Самое тяжелое ранение, с которым мне в тот день пришлось иметь дело как врачу отряда, было у товарища Сильероса. Пуля разбила ему плечо, пробила легкие и застряла в позвоночнике. Состояние больного было крайне тяжелым. Я дал ему успокаивающие средства и перевязал грудь. Это было единственное, чем я мог ему помочь. Двух тяжело раненных товарищей — Леаля и Сильероса — было решено оставить на попечение врача вражеского гарнизона. Я попрощался с ними, стараясь не выдавать свою тревогу за них. Они заявили, что предпочитают умереть среди своих, что будут сражаться до последнего дыхания. Но выхода не было. Их пришлось оставить в казарме вместе с ранеными батистовцами, которым мы тоже оказали первую помощь.
Нагрузив один из грузовиков снаряжением и медикаментами, мы отправились в горы. Быстро добрались до наших баз, оказали помощь раненым и похоронили погибших у поворота дороги».
Взвод Крессенсио не участвовал в штурме, он охранял дорогу на Чивирико. Там бойцы взвода поймали нескольких батистовских солдат, пытавшихся спастись бегством.
Когда подвели итоги боя, оказалось, что повстанцы потеряли убитыми и ранеными 15 человек, а противник — 19 человек ранеными и 14 убитыми.

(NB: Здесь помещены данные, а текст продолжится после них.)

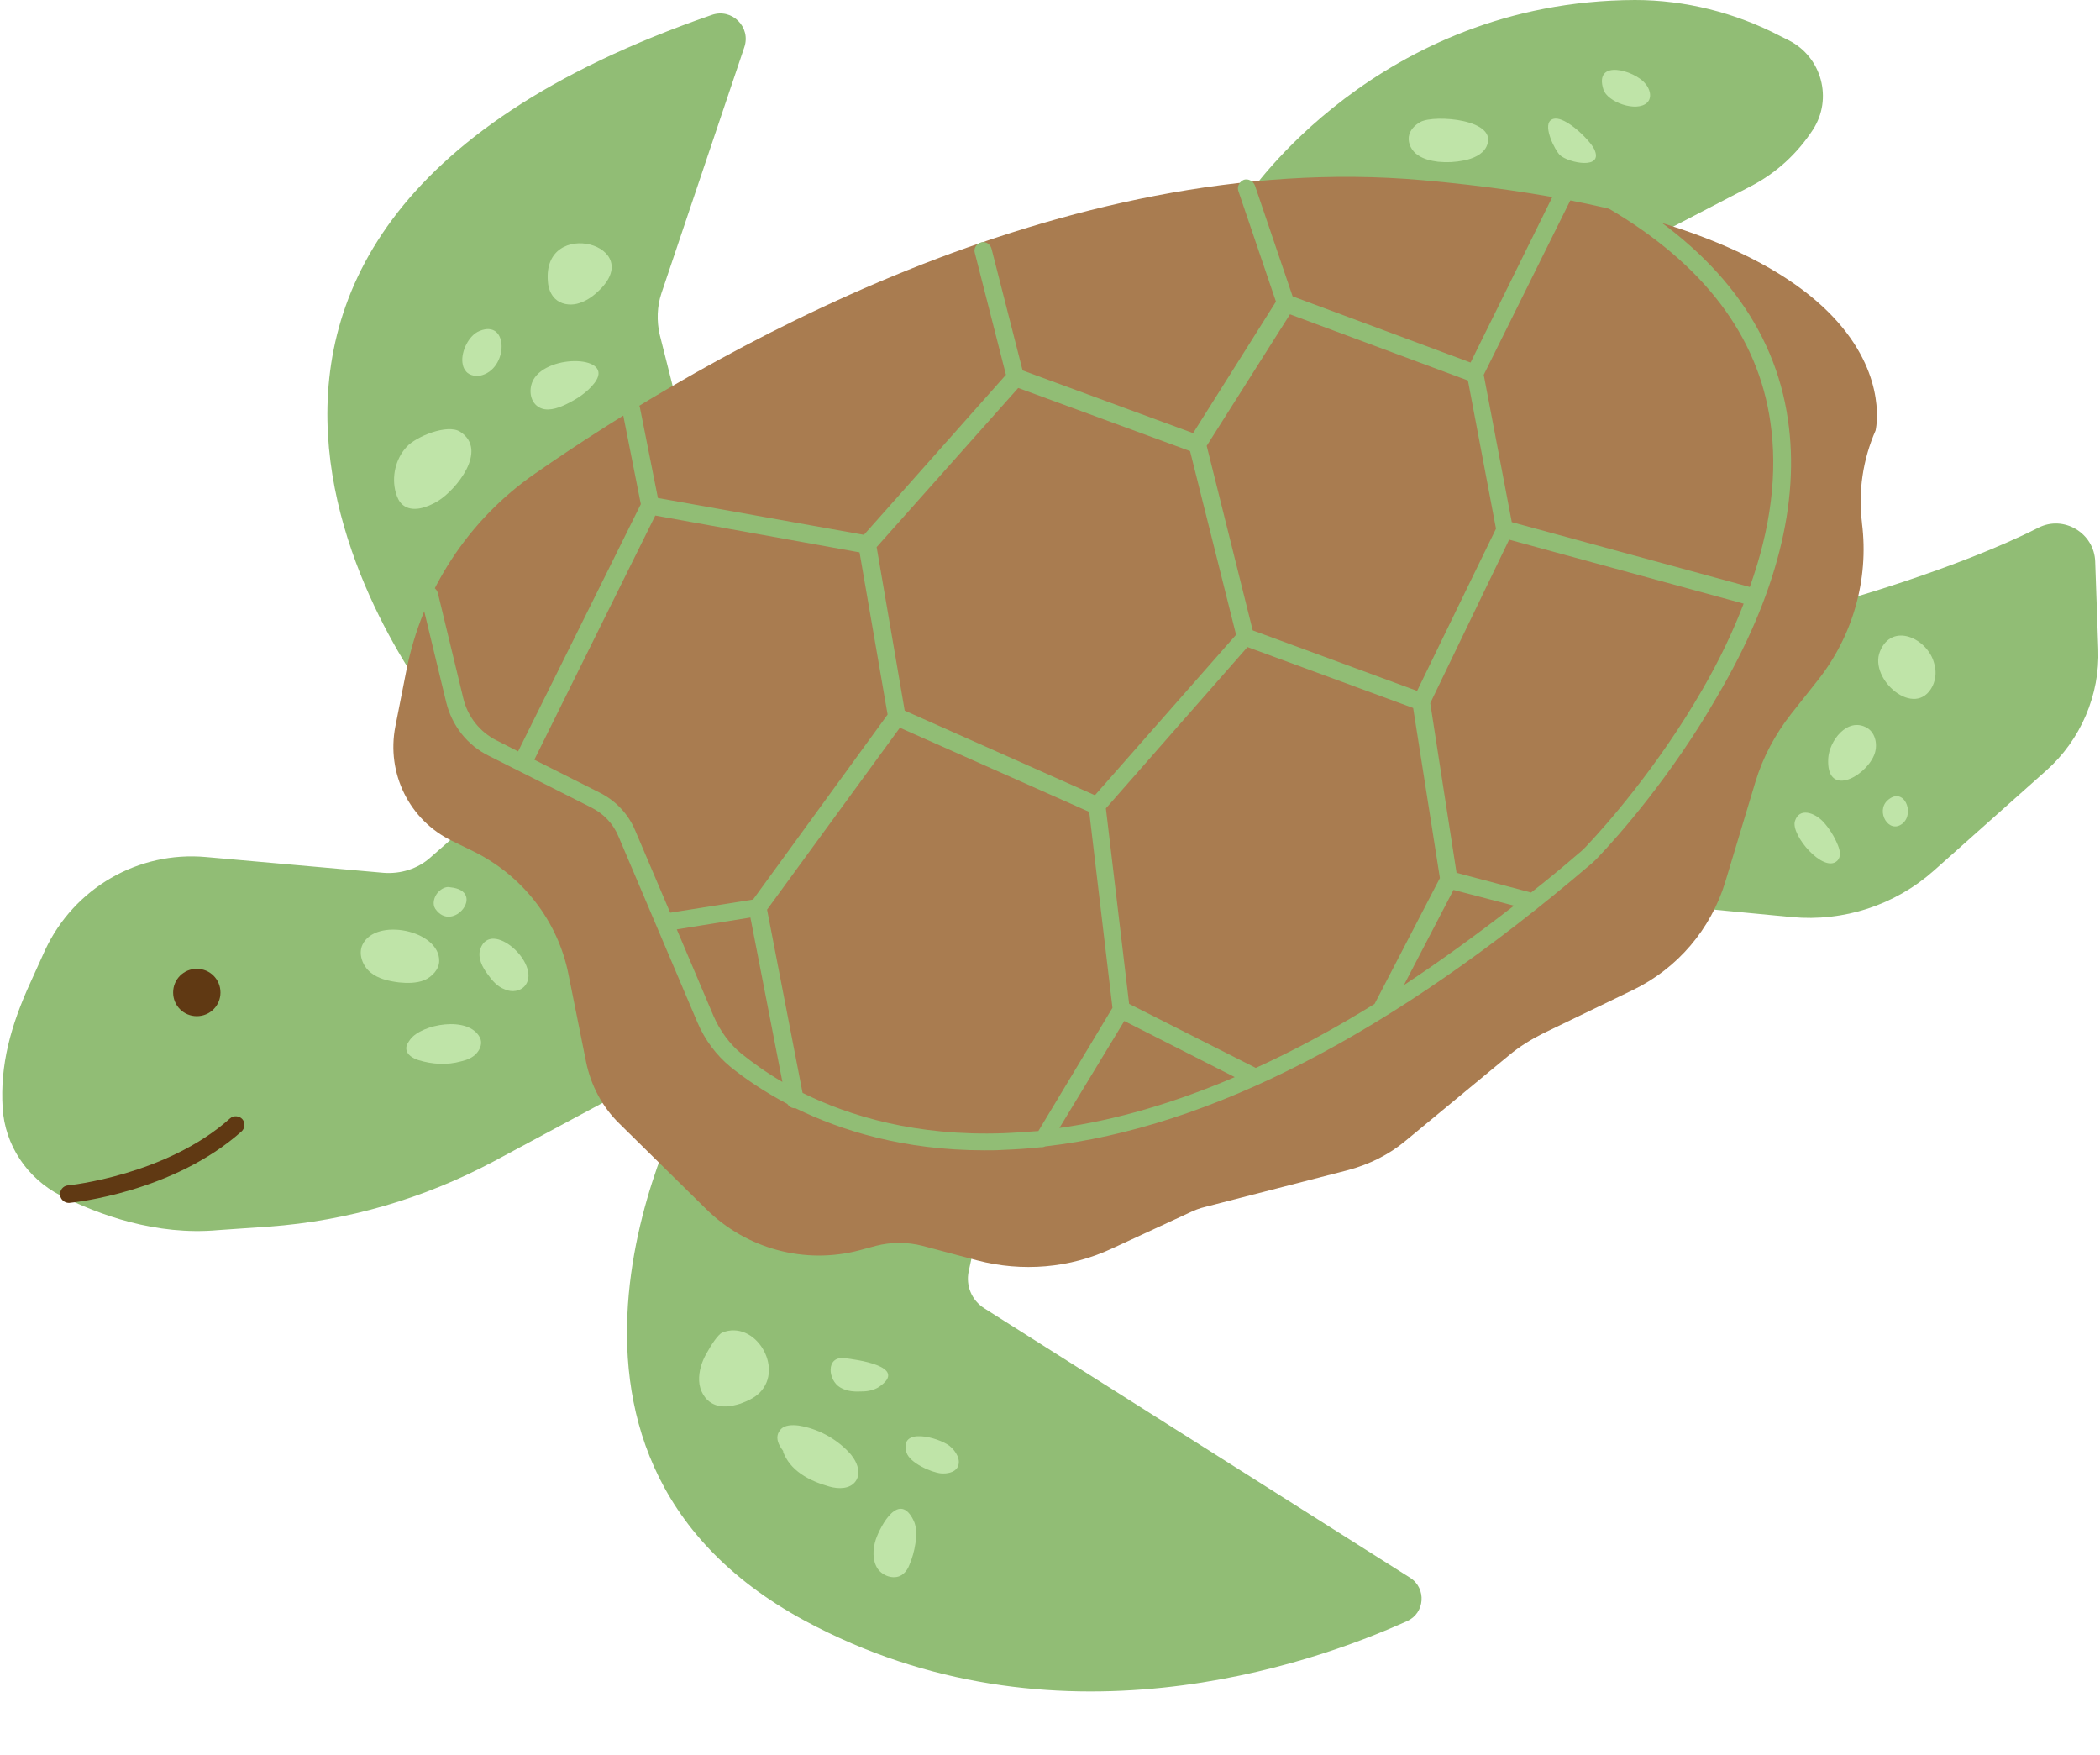 <?xml version="1.0" encoding="UTF-8" standalone="no"?><svg xmlns="http://www.w3.org/2000/svg" xmlns:xlink="http://www.w3.org/1999/xlink" fill="#000000" height="400.3" preserveAspectRatio="xMidYMid meet" version="1" viewBox="-0.5 0.0 479.1 400.3" width="479.1" zoomAndPan="magnify"><g id="change1_1"><path d="M99.4,162.2c0,0-87.1-107.1,62.5-158.8c4.6-1.6,9,2.8,7.4,7.4l-18.9,56.1c-1,3-1.1,6.3-0.4,9.4l5.2,20.6 L99.4,162.2z M156.5,249.8c0,0-45,81.2,26.6,119.9c56.7,30.6,115.3,10.1,137.4,0.1c4.1-1.8,4.5-7.5,0.7-9.9L224,298.4 c-2.8-1.8-4.2-5.1-3.5-8.4l3.9-18.1L156.5,249.8z M108.3,186.3l-10.6,9.3c-2.9,2.6-6.8,3.8-10.7,3.5l-40.5-3.6 c-15.5-1.4-30.1,7.1-36.7,21.2L6.5,224c-4.6,10-7,19-6.4,28.7c0.5,8.5,5.6,16.1,13.2,20c8.7,4.4,21.8,9.2,36,7.9l11.6-0.8 c17.9-1.3,35.3-6.4,51.1-14.8l35-18.8l1.9-56.5L108.3,186.3z M378.5,53.1l20.4-10.6c5.8-3,10.6-7.4,14.2-12.9v0 c4.6-7.1,2-16.6-5.5-20.4l-2-1C395.4,2.9,384,0,372.5,0C313.8,0.2,284,44.9,284,44.9L378.5,53.1z M381.1,206.6l27.2,2.6 c11.8,1.1,23.5-2.7,32.4-10.6l25.6-22.8c7.9-7,12.3-17.3,11.9-27.8l-0.7-19.9c-0.2-6.5-7.2-10.7-13-7.7c-18.8,9.5-45.9,17-45.9,17 L381.1,206.6z" fill="#91bd75"/></g><g id="change2_1"><path d="M89.7,165.7l2.5-12.7c3.6-18.3,14.1-34.4,29.4-45c39-27.1,119.9-74.2,202.4-66.9 c114.8,10.1,103.4,57.1,103.4,57.1v0c-2.9,6.6-4,13.9-3.1,21.1l0,0.1c1.6,12.8-2.1,25.7-10.1,35.8l-6.1,7.7 c-3.6,4.6-6.4,9.8-8.1,15.4l-6.9,22.9c-3.3,10.8-10.9,19.7-21,24.6l-20.5,9.9c-2.8,1.4-5.4,3-7.8,5l-23.6,19.5 c-3.8,3.2-8.3,5.4-13.1,6.7l-32.6,8.4c-1.3,0.3-2.6,0.8-3.8,1.4l-17.5,8.1c-9.6,4.5-20.5,5.4-30.8,2.7l-12.4-3.3 c-3.5-0.9-7.2-0.9-10.7,0l-3.7,1c-12.5,3.3-25.8-0.3-35-9.4l-19.8-19.5c-3.9-3.8-6.5-8.7-7.6-14.1l-4-19.9 c-2.4-12.2-10.5-22.6-21.7-28.1l-4.9-2.4C92.9,187.1,87.6,176.4,89.7,165.7z" fill="#a97c50"/></g><g id="change3_1"><path d="M49.8,226.4c0,3-2.4,5.4-5.4,5.4s-5.4-2.4-5.4-5.4s2.4-5.4,5.4-5.4S49.8,223.4,49.8,226.4z M15.3,274.4 c1-0.1,23.7-2.4,39.3-16.3c0.8-0.7,0.9-2,0.2-2.8c-0.7-0.8-2-0.9-2.8-0.2c-14.5,13-36.8,15.3-37,15.3c-1.1,0.1-1.9,1.1-1.8,2.2 c0.1,1,1,1.8,2,1.8C15.1,274.4,15.2,274.4,15.3,274.4z" fill="#603913"/></g><g id="change1_2"><path d="M407.4,95.7c-3-20.9-16.2-38.3-39-51.6c-1-0.6-2.2-0.2-2.7,0.7s-0.2,2.2,0.7,2.7c21.7,12.7,34.2,29.1,37,48.8 c1.7,11.6,0.1,24.2-4.7,37.6l-54.3-14.8l-6.4-33.6l21-42.3c0.5-1,0.1-2.2-0.9-2.7c-1-0.5-2.2-0.1-2.7,0.9L335,82.7l-40.6-15.1 l-8.6-25.3c-0.4-1-1.5-1.6-2.5-1.3c-1,0.4-1.6,1.5-1.3,2.5l8.6,25.3l-18.9,30l-38.9-14.3l-7.1-27.8c-0.3-1.1-1.4-1.7-2.4-1.4 c-1.1,0.3-1.7,1.4-1.4,2.4l7.1,27.8L196.6,122l-47-8.4L145.5,93c-0.2-1.1-1.3-1.8-2.4-1.6c-1.1,0.2-1.8,1.3-1.6,2.4l4.2,21.2 l-28,56.4l-4.9-2.5c-3.8-1.9-6.6-5.4-7.6-9.6l-5.8-24c-0.3-1.1-1.3-1.7-2.4-1.5c-1.1,0.3-1.7,1.3-1.5,2.4l5.8,24 c1.3,5.3,4.8,9.8,9.7,12.2l23.4,11.8c2.8,1.4,5,3.7,6.2,6.6l18,42.4c1.7,4,4.3,7.5,7.6,10.2c3.1,2.5,7.4,5.5,12.9,8.4 c0.4,0.6,1,1,1.7,1c0.1,0,0.1,0,0.2,0c10.4,5.1,24.7,9.6,43.1,9.6c1.4,0,2.9,0,4.3-0.1c2.8-0.1,5.7-0.3,8.5-0.6c0.1,0,0.2,0,0.3,0 c0.3,0,0.5-0.1,0.8-0.2c37.6-4.3,79.2-25.8,124-64c1-0.8,1.9-1.7,2.7-2.6c3.6-3.8,16-17.6,26.6-36.1 C404.8,135.9,410.2,114.6,407.4,95.7z M331.1,203l13.8,3.6c-8.5,6.6-16.9,12.7-25.1,18.1L331.1,203z M313.1,229 C313.1,229,313.1,229,313.1,229c-9.2,5.7-18.3,10.6-27.1,14.6L257.1,229l-5.3-44.6l32.3-36.8l37.8,13.9l6.1,38.8L313.1,229z M256,232.9l25.2,12.8c-13.8,5.9-27.1,9.8-40,11.6L256,232.9z M205.9,162.1l-6.4-37.3l32.3-36.3l39.2,14.4l10.5,41.9l-32.2,36.6 L205.9,162.1z M322.8,157.6l-37.5-13.8l-10.5-42.1l19-30l40.6,15.1l6.4,33.8L322.8,157.6z M136.3,180.8l-14.9-7.5l27.6-55.7 l46.6,8.4L202,163l-30.7,42.2l-18.9,3l-8-18.8C142.8,185.6,139.9,182.6,136.3,180.8z M162.3,231.8l-8.4-19.8l16.8-2.7l7.3,37.5 c-3.8-2.2-6.9-4.5-9.3-6.4C166,238.2,163.8,235.2,162.3,231.8z M228.4,258.5c-19.9,0.7-35.1-3.9-45.8-9.2l-8.1-41.8l30.3-41.5 l43.2,19.2l5.3,44.7l-16.9,28.1C233.6,258.2,231,258.4,228.4,258.5z M388,157.1c-10.4,18.1-22.6,31.7-26.1,35.4 c-0.7,0.8-1.5,1.6-2.4,2.3c-3.6,3.1-7.1,6-10.7,8.8l-17-4.5l-6-38.7l18-37.3l53.5,14.6C394.9,144,391.8,150.5,388,157.1z" fill="#91bd75"/></g><g id="change4_1"><path d="M96.3,223.6c-1.8,0.7-3.9,0.7-5.8,0.5c-2.3-0.3-4.7-0.8-6.5-2.3c-1.8-1.5-2.8-4.2-1.8-6.3 c3-6.3,17.6-3.3,17.5,3.7C99.7,221.1,98.1,222.8,96.3,223.6z M102.2,202.4c-0.7-0.2-1.9,0.1-2.9,1.3c-0.8,1-1.2,2.5-0.5,3.6 C102.8,213.1,110.6,203.2,102.2,202.4 M119.4,224.7c3.5-4.9-7.8-15.1-10.3-8.3c-0.7,2,0.4,4.2,1.7,5.9c1,1.4,2.2,2.8,3.9,3.4 C116.2,226.4,118.3,226.2,119.4,224.7z M109,236.7c-2.6-5.1-13.3-3.1-15.9,0.4c-0.5,0.7-1,1.4-0.9,2.2c0.1,1.3,1.5,2.1,2.7,2.5 c3.2,1,6.6,1.2,9.8,0.3c1.3-0.3,2.6-0.8,3.5-1.8S109.6,237.9,109,236.7z M99.4,114.3c4.1-2.5,11.6-11.6,5.1-15.8 c-2.9-1.9-10.1,1.1-12.2,3.4c-2.6,2.8-3.5,6.9-2.5,10.5c0.3,1,0.7,2,1.5,2.7C93.5,117,96.9,115.8,99.4,114.3z M121.2,86.6 c-1.1,2-0.9,4.9,1.1,6.2c1.8,1.2,4.3,0.4,6.2-0.5c2.5-1.2,4.9-2.7,6.6-4.9C140,81.1,124.6,80.6,121.2,86.6z M109,85.7 c6.5-1.3,6.7-13-0.1-10.2c-2.5,1-4.2,4.7-3.9,7.2c0.1,0.6,0.2,1.2,0.6,1.7C106.2,85.5,107.7,85.9,109,85.7z M135.7,66.7 c12.1-10.8-12.6-17.5-11.2-2.4c0.1,1.4,0.6,2.8,1.6,3.8c1.3,1.3,3.3,1.6,5,1.2C132.8,68.9,134.4,67.9,135.7,66.7z M320.9,31.2 c-0.2,1.6,0.7,3.3,2.1,4.2c1.3,0.9,3,1.3,4.6,1.5c2,0.2,3.9,0.1,5.9-0.3c2-0.4,4.2-1.3,5.1-3.1c3.1-6.3-11.8-7.4-15-5.7 C322.3,28.5,321.1,29.7,320.9,31.2z M363.2,34c-1-2.1-7.6-8.7-10-6.5c-1.6,1.5,1,6.7,2.2,7.9C357.4,37.2,365.5,38.8,363.2,34z M374.8,19c-2.5-3-11.7-5.6-9.5,1.4c0.9,2.9,7.6,5.3,10,3C376.5,22.2,375.9,20.2,374.8,19z M440.4,156.5c0.8-1.7,0.9-3.6,0.3-5.4 c-1.5-5.4-9.5-9.3-12.3-2.5C425.8,155,436.5,164.2,440.4,156.5z M425.4,166c-4.5-2.5-8.6,3.1-8.8,7c-0.5,8.9,8.2,4.4,10.4-0.6 C428,170.2,427.5,167.2,425.4,166z M418.6,196.4c1-0.9,0.7-2.4,0.2-3.6c-0.8-2-2-3.9-3.4-5.4c-1.9-2-5.4-3.3-6.4-0.1 C408,190.5,415.5,199.2,418.6,196.4z M430.1,182.6c-2.7,2.5,0.3,7.7,3.4,5.3C436.5,185.5,433.8,179.2,430.1,182.6z M164.2,304 c-0.9,0.5-2.3,2.5-3.5,4.7c-1.1,1.9-1.8,4.1-1.7,6.3c0.1,2.2,1.3,4.4,3.3,5.3c1.9,0.9,4.1,0.5,6.1-0.1c1.6-0.6,3.2-1.3,4.4-2.5 C178.5,312,171.7,300.9,164.2,304c0.6,0,1.2,0,1.8,0 M178.1,331c1.6,4.5,6,6.8,10.6,8.1c2.1,0.6,4.7,0.6,6-1.2 c1.5-2.1,0.1-5-1.7-6.8c-3-3.1-7-5.2-11.2-5.9c-1.5-0.2-3.4-0.2-4.3,1c-3.6,4.3,8.8,11.6,12.3,12.3 M200,316.4 c7.1-4.8-5.6-6.3-7.8-6.6c-4.4-0.5-3.8,5.1-1,6.7c1.5,0.9,3.3,1,5,0.9C197.5,317.4,198.9,317.1,200,316.4z M216.1,329.8 c-2.5-1.9-11.5-4.4-9.8,1.5c0.7,2.4,5.7,4.6,7.9,4.8c1.4,0.1,3-0.2,3.7-1.3C218.9,333.1,217.6,331,216.1,329.8z M207,356.9 c1.1-2.5,2.2-7.3,1-9.9c-3.3-7.1-7.6,1-8.7,4.2c-0.7,2.2-0.8,4.7,0.4,6.6c1.3,1.9,4.2,2.7,5.9,1.2 C206.3,358.4,206.7,357.7,207,356.9z" fill="#bfe4a8"/></g></svg>

Для повстанцев бой за Уверо явился переломным моментом. После него окреп боевой дух отряда, еще сильнее стала вера в победу. Победа при Уверо определила судьбу мелких гарнизонов противника, расположенных у подножия Сьерра-Маэстры. В короткое время эти гарнизоны были уничтожены.
Среди отличившихся в бою при Уверо был повстанец Хуан-Виталио Акунья Нуньес (друзья звали его Вило), который впоследствии под псевдонимом Хоакина будет сражаться с Че в горах Боливии и погибнет там.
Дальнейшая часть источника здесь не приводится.